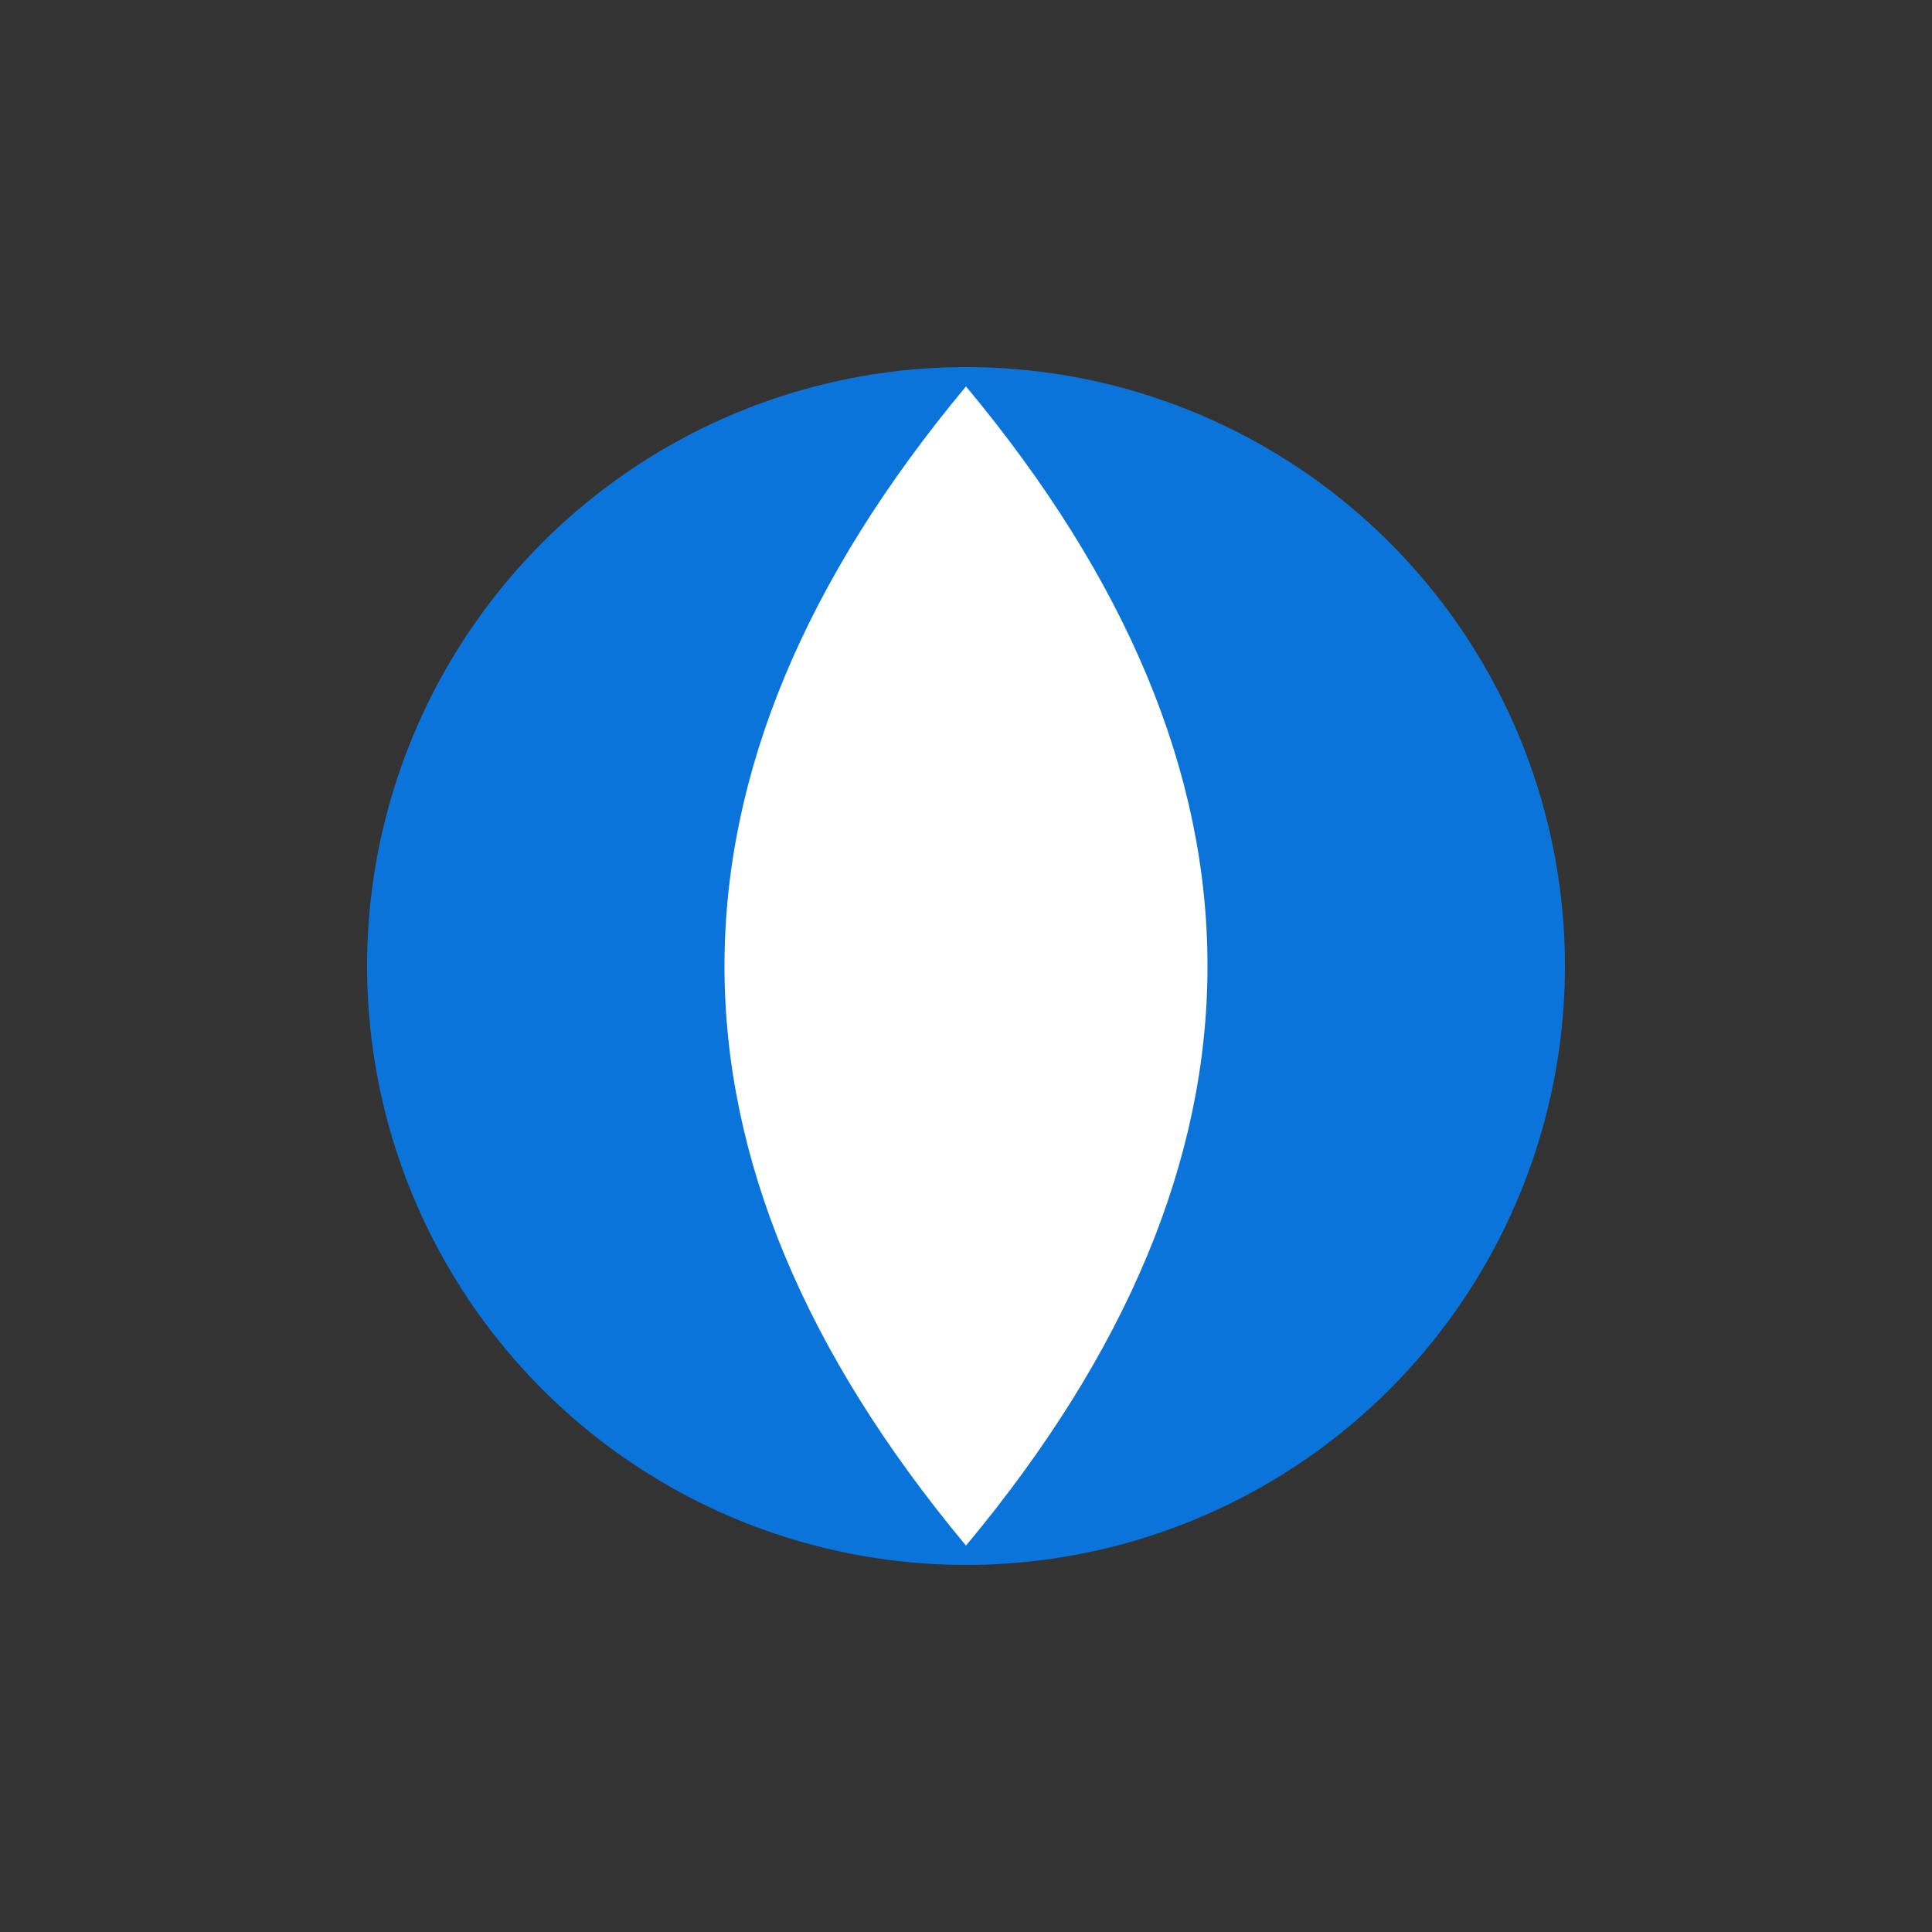 
<svg width="100" height="100" xmlns="http://www.w3.org/2000/svg">
  <rect width="100%" height="100%" fill="#333333" stroke="none"/>
  <!-- Define styles -->
  <style>
    .globe {
      fill: #0A74DA;
      stroke: #0A74DA;
      stroke-width: 2;
    }
    .text {
      font: bold 22px sans-serif;
      fill: #333333;
    }
  </style>

  <!-- Globe shape -->
  <circle cx="50" cy="50" r="30" class="globe" />
  <path d="M 50 20 Q 75 50 50 80 Q 25 50 50 20 Z" fill="white" />
</svg>

****

### INSTRUCTIONS TO FOLLOW:
If a line in the data above includes the string "height", copy it.

### EXERCISE RESPONSE:
<svg width="100" height="100" xmlns="http://www.w3.org/2000/svg">
  <rect width="100%" height="100%" fill="#333333" stroke="none"/>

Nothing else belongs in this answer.